Comment 22 Adam Barth 2013-01-22 12:59:19 PST
SGTM
Comment 23 Build Bot 2013-01-22 20:46:36 PST
Comment on attachment 183894 [details]
Patch

Attachment 183894 [details] did not pass mac-wk2-ews (mac-wk2):
Output: http://queues.webkit.org/results/16045946

New failing tests:
fast/parser/entities-in-xhtml.xhtml
Comment 24 Martin Robinson 2013-01-22 21:04:24 PST
Created attachment 184125 [details]
Patch
Comment 25 Adam Barth 2013-01-22 22:06:21 PST
Comment on attachment 184125 [details]
Patch

View in context: https://bugs.webkit.org/attachment.cgi?id=184125&action=review

This looks good, modulo the code point / code unit naming question.  rniwa is right that it would be better to go straight to UTF-8, but we can leave that for a future patch.

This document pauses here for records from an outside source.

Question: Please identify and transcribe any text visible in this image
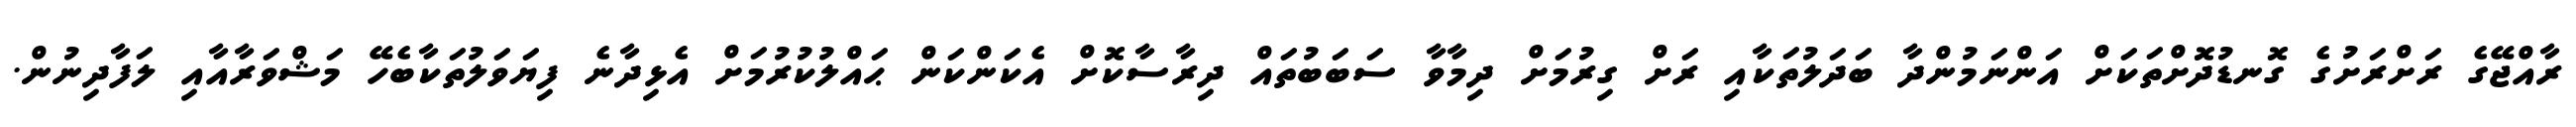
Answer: ރާއްޖޭގެ ރަށްރަށުގެ ގޮނޑުދޮށްތަކަށް އަންނަމުންދާ ބަދަލުތަކާއި ރަށް ގިރުމަށް ދިމާވާ ސަބަބުތައް ދިރާސާކޮށް އެކަންކަން ޙައްލުކުރުމަށް އެޅިދާނެ ފިޔަވަލުތަކާބެހޭ މަޝްވަރާއާއި ލަފާދިނުން.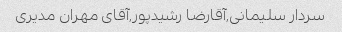
سردار سلیمانی,آقارضا رشیدپور,آقای مهران مدیری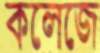
কলেজে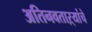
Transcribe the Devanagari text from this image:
अतिनवताऱ्यांचे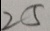
2 5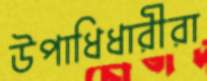
উপাধিধারীরা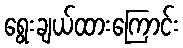
ရွေးချယ်ထားကြောင်း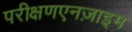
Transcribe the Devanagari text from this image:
परीक्षणएनज़ाइम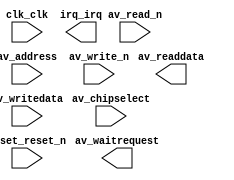

module jtag_uart (
	av_chipselect,
	av_address,
	av_read_n,
	av_readdata,
	av_write_n,
	av_writedata,
	av_waitrequest,
	clk_clk,
	irq_irq,
	reset_reset_n);	

	input		av_chipselect;
	input		av_address;
	input		av_read_n;
	output	[31:0]	av_readdata;
	input		av_write_n;
	input	[31:0]	av_writedata;
	output		av_waitrequest;
	input		clk_clk;
	output		irq_irq;
	input		reset_reset_n;
endmodule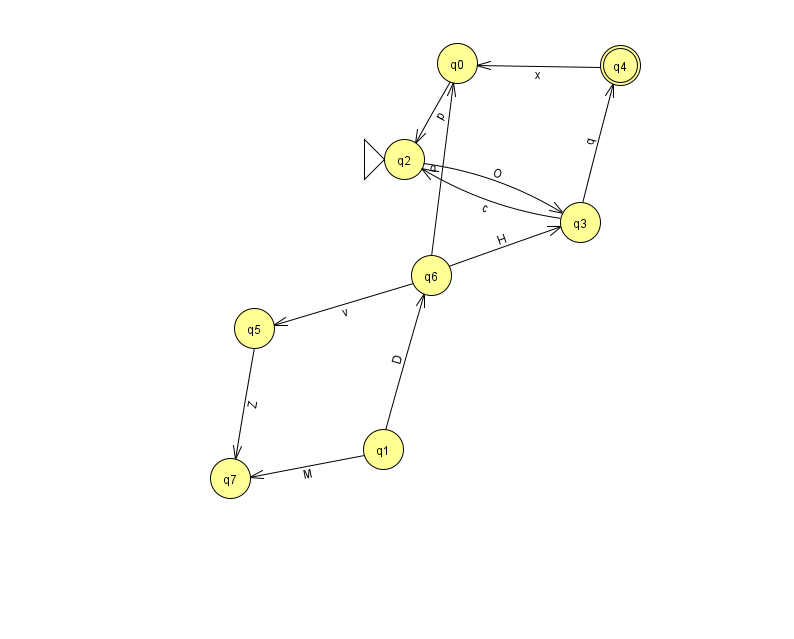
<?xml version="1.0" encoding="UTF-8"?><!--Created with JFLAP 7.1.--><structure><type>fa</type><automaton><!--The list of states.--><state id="0" name="q0"><x>457.0</x><y>50.0</y></state><state id="1" name="q1"><x>383.0</x><y>436.0</y></state><state id="2" name="q2"><x>404.0</x><y>146.0</y><initial/></state><state id="3" name="q3"><x>580.0</x><y>209.0</y></state><state id="4" name="q4"><x>620.0</x><y>52.0</y><final/></state><state id="5" name="q5"><x>254.0</x><y>315.0</y></state><state id="6" name="q6"><x>431.0</x><y>262.0</y></state><state id="7" name="q7"><x>230.0</x><y>465.0</y></state><!--The list of transitions.--><transition><from>3</from><to>2</to><read>c</read></transition><transition><from>3</from><to>4</to><read>q</read></transition><transition><from>6</from><to>3</to><read>H</read></transition><transition><from>1</from><to>6</to><read>D</read></transition><transition><from>0</from><to>2</to><read>p</read></transition><transition><from>6</from><to>5</to><read>v</read></transition><transition><from>1</from><to>7</to><read>M</read></transition><transition><from>6</from><to>0</to><read>P</read></transition><transition><from>2</from><to>3</to><read>O</read></transition><transition><from>5</from><to>7</to><read>Z</read></transition><transition><from>4</from><to>0</to><read>x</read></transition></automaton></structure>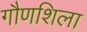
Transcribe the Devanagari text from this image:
गौणशिला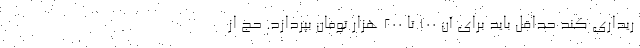
ریداری کند حداقل باید برای آن ۱۰۰ تا ۲۰۰ هزار تومان بپردازد. حج از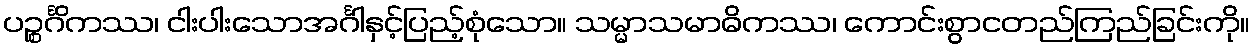
ပဉ္စင်္ဂိကဿ၊ ငါးပါးသောအင်္ဂါနှင့်ပြည့်စုံသော။ သမ္မာသမာဓိကဿ၊ ကောင်းစွာငတည်ကြည်ခြင်းကို။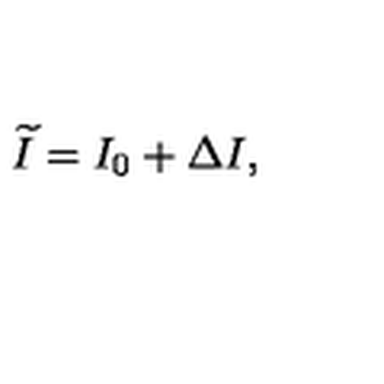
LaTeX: \widetilde { I } = I _ { 0 } + \Delta I ,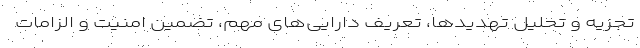
تجزیه و تحلیل تهدیدها، تعریف دارایی‌های مهم، تضمین امنیت و الزامات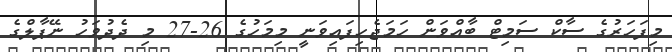
މިފަހަރުގެ ސާކް ސަމިޓް ބާއްވަން ހަމަޖެހިފައިވަނީ މިމަހުގެ 26-27 މި ދެދުވަހު ނޭޕާލްގެ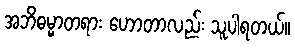
အဘိဓမ္မာတရား ဟောတာလည်း သူပါရတယ်။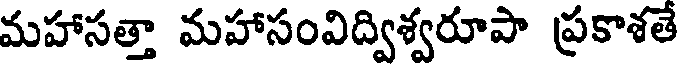
మహాసత్తా మహాసంవిద్విశ్వరూపా ప్రకాశతే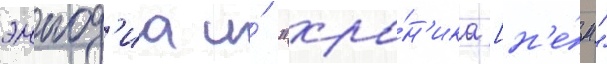
эннод'иа и́ "хро́н'ика [н'е́м."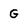
Character: G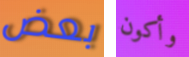
بعض وأكون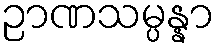
ဉာဏသမ္ပန္နာ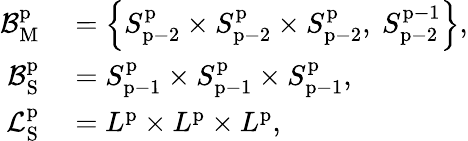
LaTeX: \begin{array}{rl}{\mathcal{B}_{\mathrm{M}}^{\mathrm{p}}}&{{}=\left\{ S_{\mathrm{p}-2}^{\mathrm{p}}\times S_{\mathrm{p}-2}^{\mathrm{p}}\times S_{\mathrm{p}-2}^{\mathrm{p}},\ S_{\mathrm{p}-2}^{\mathrm{p-1}}\right\} ,}\\ {\mathcal{B}_{\mathrm{S}}^{\mathrm{p}}}&{{}=S_{\mathrm{p}-1}^{\mathrm{p}}\times S_{\mathrm{p}-1}^{\mathrm{p}}\times S_{\mathrm{p}-1}^{\mathrm{p}},}\\ {\mathcal{L}_{\mathrm{S}}^{\mathrm{p}}}&{{}=L^{\mathrm{p}}\times L^{\mathrm{p}}\times L^{\mathrm{p}},}\end{array}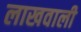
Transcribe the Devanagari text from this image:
लाखवाली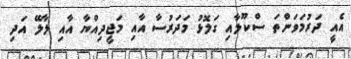
އެއީ ދަރުމަވަންތަ ސްކޫލާއި ގަލޮޅު މަދަރުސާ އާއި މަޖީދިއްޔާ އާއި ލާލޭ އަދި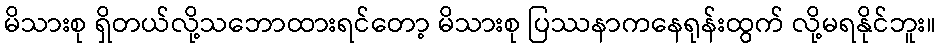
မိသားစု ရှိတယ်လို့သဘောထားရင်တော့ မိသားစု ပြဿနာကနေရုန်းထွက် လို့မရနိုင်ဘူး။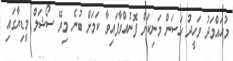
މުހައްމަދު ވަހީދު ހަސަން މަނިކަށް ފޮނުއްވާފައިވާ ކަމަށް ބުނެ މިރޭ ސޯޝަލް މީޑިޔާގައި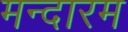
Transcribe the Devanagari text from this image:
मन्दारम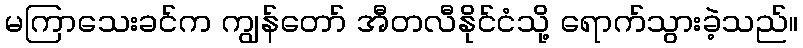
မကြာသေးခင်က ကျွန်တော် အီတလီနိုင်ငံသို့ ရောက်သွားခဲ့သည်။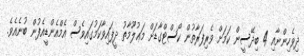
ދިވެހިންނާއި 4 ބިދޭސީން ކަމަށް ވެރިފަރާތުން ކޯސްޓްގާޑަށް މަޢުލޫމާތު ދީފައިވާކަމުގައިވެސް އެމްއެންޑީއެފުން ބުނެއެވެ.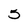
Character: 5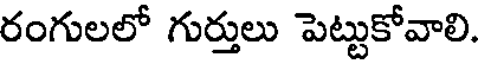
రంగులలో గుర్తులు పెట్టుకోవాలి.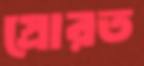
স্রোরত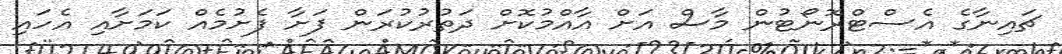
ޗައިނާގެ އެސްޓްރޮނޯޓުން މާސް އަށް އާއްމުކޮށް ދަތުރުކުރަން ފަށާ ފެށުމެއް ކަމަށާއި އެހައި

> Source/WebCore/html/parser/HTMLEntityParser.cpp:169
> +    size_t numberOfCodePoints = appendUChar32ToUCharArray(search.mostRecentMatch()->firstValue, result);

numberOfCodePoints -> numberOfCodeUnits, right?

> Source/WebCore/xml/parser/XMLDocumentParserLibxml2.cpp:1182
> +    WTF::Unicode::ConversionResult conversionResult = WTF::Unicode::convertUTF16ToUTF8(&utf16Entity,
> +        utf16Entity + numberOfCodePoints, &target, target + 9);

Can we get this 9 as sizeof sharedXHTMLEntityResult ?
Comment 26 Martin Robinson 2013-01-22 22:11:34 PST
Comment on attachment 184125 [details]
Patch

View in context: https://bugs.webkit.org/attachment.cgi?id=184125&action=review

>> Source/WebCore/html/parser/HTMLEntityParser.cpp:169
>> +    size_t numberOfCodePoints = appendUChar32ToUCharArray(search.mostRecentMatch()->firstValue, result);
> 
> numberOfCodePoints -> numberOfCodeUnits, right?

numberOfCodeUnits is definitely what I was trying to right here. Thanks for finding that.

>> Source/WebCore/xml/parser/XMLDocumentParserLibxml2.cpp:1182
>> +        utf16Entity + numberOfCodePoints, &target, target + 9);
> 
> Can we get this 9 as sizeof sharedXHTMLEntityResult ?

I could probably use WTF_ARRAY_LENGTH here, indeed.
Comment 27 Martin Robinson 2013-01-23 08:42:58 PST
Created attachment 184245 [details]
Patch for landing
Comment 28 WebKit Review Bot 2013-01-23 16:28:02 PST
Comment on attachment 184245 [details]
Patch for landing

Clearing flags on attachment: 184245

Committed r140610: <http://trac.webkit.org/changeset/140610>
Comment 29 WebKit Review Bot 2013-01-23 16:28:07 PST
All reviewed patches have been landed.  Closing bug.